The most important advance that evolution has made since Darwin and the most valuable amplification of his theory of selection is, in my opinion, the work of Richard Semon: Die Mneme als erhaltendes Prinzip im Wechsel des organischen Geschehens.[133] He offers a psychological explanation of the facts of heredity by reducing them to a process of (unconscious) memory. The physiologist Ewald Hering had shown in 1870 that memory must be regarded as a general function of organic matter, and that we are quite unable to explain the chief vital phenomena, especially those of reproduction and inheritance, unless we admit this unconscious memory. In my essay Die Perigenesis der Plastidule[134] I elaborated this far-reaching idea, and applied the physical principle of transmitted motion to the plastidules, or active molecules of plasm. I concluded that "heredity is the memory of the plastidules, and variability their power of comprehension." This "provisional attempt to give a mechanical explanation of the elementary processes of evolution" I afterwards extended by showing that sensitiveness is (as Carl Nägeli, Ernst Mach, and Albrecht Rau express it) a general quality of matter. This form of panpsychism finds its simplest expression in the "trinity of substance."
To the two fundamental attributes that Spinoza ascribed to substance—Extension (matter as occupying space) and Cogitation (energy, force)—we now add the third fundamental quality of Psychoma (sensitiveness, soul). I further elaborated this trinitarian conception of substance in the nineteenth chapter of my Die Lebenswunder (1904),[135] and it seems to me well calculated to afford a monistic solution of many of the antitheses of philosophy.
This important Mneme-theory of Semon and the luminous physiological experiments and observations associated with it not only throw considerable light on transformative inheritance, but provide a sound physiological foundation for the biogenetic law. I had endeavoured to show in 1874, in the first chapter of my Anthropogenie,[136] that this fundamental law of organic evolution holds good generally, and that there is everywhere a direct causal connection between ontogeny and phylogeny. "Phylogenesis is the mechanical cause of ontogenesis;" in other words, "The evolution of the stem or race is—in accordance with the laws of heredity and adaptation—the real cause of all the changes that appear, in a condensed form, in the development of the individual organism from the ovum, in either the embryo or the larva."
It is now fifty years since Charles Darwin pointed out, in the thirteenth chapter of his epoch-making Origin of Species, the fundamental importance of embryology in connection with his theory of descent:
"The leading facts in embryology, which are second to none in importance, are explained on the principle of variations in the many descendants from some one ancient progenitor, having appeared at a not very early period of life, and having been inherited at a corresponding period."[137]
He then shows that the striking resemblance of the embryos and larvae of closely related animals, which in the mature stage belong to widely different species and genera, can only be explained by their descent from a common progenitor.

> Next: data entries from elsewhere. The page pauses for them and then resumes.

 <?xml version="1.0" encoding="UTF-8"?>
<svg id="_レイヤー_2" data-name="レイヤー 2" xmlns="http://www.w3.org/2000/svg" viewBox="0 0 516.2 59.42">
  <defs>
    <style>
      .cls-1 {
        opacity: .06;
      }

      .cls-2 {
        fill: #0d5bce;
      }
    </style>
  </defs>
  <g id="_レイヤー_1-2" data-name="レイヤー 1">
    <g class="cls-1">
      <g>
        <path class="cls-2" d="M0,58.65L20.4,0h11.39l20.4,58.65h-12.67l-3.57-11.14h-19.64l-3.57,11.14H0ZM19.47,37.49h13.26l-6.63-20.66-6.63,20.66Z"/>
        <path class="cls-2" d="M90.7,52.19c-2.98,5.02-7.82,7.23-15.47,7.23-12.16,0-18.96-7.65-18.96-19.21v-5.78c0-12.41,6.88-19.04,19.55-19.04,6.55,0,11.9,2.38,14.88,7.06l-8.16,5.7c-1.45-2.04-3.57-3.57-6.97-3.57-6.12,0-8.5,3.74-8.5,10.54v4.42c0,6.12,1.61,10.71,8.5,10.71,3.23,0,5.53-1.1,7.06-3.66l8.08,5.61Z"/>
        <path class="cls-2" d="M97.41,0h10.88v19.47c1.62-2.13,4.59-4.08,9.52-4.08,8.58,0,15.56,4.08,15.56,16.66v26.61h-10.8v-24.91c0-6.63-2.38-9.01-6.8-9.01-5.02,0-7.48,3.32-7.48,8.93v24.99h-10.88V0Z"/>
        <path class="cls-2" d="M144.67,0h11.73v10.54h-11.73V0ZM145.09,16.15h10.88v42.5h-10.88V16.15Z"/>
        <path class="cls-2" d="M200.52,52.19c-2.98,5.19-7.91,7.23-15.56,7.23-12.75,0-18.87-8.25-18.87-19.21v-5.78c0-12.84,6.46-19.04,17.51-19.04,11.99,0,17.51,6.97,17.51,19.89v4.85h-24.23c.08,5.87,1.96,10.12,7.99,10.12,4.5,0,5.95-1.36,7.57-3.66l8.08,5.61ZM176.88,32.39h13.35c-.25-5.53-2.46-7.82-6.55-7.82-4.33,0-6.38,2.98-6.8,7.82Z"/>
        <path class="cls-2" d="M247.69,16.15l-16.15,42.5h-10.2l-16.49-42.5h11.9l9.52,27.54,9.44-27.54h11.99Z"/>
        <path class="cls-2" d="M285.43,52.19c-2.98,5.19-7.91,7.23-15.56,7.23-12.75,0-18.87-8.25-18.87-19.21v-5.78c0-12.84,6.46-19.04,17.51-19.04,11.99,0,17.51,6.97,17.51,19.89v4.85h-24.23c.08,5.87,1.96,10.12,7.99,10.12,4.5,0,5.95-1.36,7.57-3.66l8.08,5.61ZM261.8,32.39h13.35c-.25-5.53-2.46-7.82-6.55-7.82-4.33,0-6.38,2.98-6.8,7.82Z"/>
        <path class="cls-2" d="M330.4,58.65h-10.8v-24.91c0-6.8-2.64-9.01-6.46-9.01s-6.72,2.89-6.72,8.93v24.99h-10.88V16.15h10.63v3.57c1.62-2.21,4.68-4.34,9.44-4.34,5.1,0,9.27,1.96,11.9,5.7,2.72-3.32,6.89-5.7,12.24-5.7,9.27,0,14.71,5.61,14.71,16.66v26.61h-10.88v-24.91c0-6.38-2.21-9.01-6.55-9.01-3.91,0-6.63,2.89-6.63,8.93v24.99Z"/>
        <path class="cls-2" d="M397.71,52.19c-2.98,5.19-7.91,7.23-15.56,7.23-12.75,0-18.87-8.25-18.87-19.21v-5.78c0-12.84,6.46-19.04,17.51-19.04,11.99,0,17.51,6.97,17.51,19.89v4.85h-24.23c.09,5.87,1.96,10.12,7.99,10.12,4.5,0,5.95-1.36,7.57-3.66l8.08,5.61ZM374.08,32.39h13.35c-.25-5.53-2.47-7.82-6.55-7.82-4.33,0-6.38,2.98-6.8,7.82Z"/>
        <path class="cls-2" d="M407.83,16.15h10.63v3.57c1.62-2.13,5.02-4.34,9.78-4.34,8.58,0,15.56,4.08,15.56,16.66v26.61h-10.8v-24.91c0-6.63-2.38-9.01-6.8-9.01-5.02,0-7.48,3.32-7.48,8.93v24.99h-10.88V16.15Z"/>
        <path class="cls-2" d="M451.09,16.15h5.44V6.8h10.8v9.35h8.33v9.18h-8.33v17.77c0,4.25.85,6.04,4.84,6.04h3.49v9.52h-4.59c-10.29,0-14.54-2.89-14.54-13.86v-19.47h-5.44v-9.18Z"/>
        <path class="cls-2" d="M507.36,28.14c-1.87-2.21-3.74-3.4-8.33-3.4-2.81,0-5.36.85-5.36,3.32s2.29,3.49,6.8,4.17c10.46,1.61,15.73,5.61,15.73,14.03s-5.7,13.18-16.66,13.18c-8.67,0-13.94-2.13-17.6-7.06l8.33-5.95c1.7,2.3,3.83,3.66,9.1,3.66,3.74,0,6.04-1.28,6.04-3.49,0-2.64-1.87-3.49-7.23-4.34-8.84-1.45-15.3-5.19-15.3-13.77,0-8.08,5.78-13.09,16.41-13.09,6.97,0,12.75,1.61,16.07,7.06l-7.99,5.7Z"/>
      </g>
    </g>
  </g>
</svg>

Fritz Müller made a closer study of these important phenomena in the instructive instance of the Crustacean larva, as given in his able work Für Darwin[138] (1864). I then, in 1872, extended the range so as to include all animals (with the exception of the unicellular Protozoa) and showed, by means of the theory of the Gastraea, that all multicellular, tissue-forming animals—all the Metazoa—develop in essentially the same way from the primary germ-layers.
I conceived the embryonic form, in which the whole structure consists of only two layers of cells, and is known as the gastrula, to be the ontogenetic recapitulation, maintained by tenacious heredity, of a primitive common progenitor of all the Metazoa, the Gastraea. At a later date (1895) Monticelli discovered that this conjectural ancestral form is still preserved in certain primitive Coelenterata—Pemmatodiscus, Kunstleria, and the nearly-related Orthonectida.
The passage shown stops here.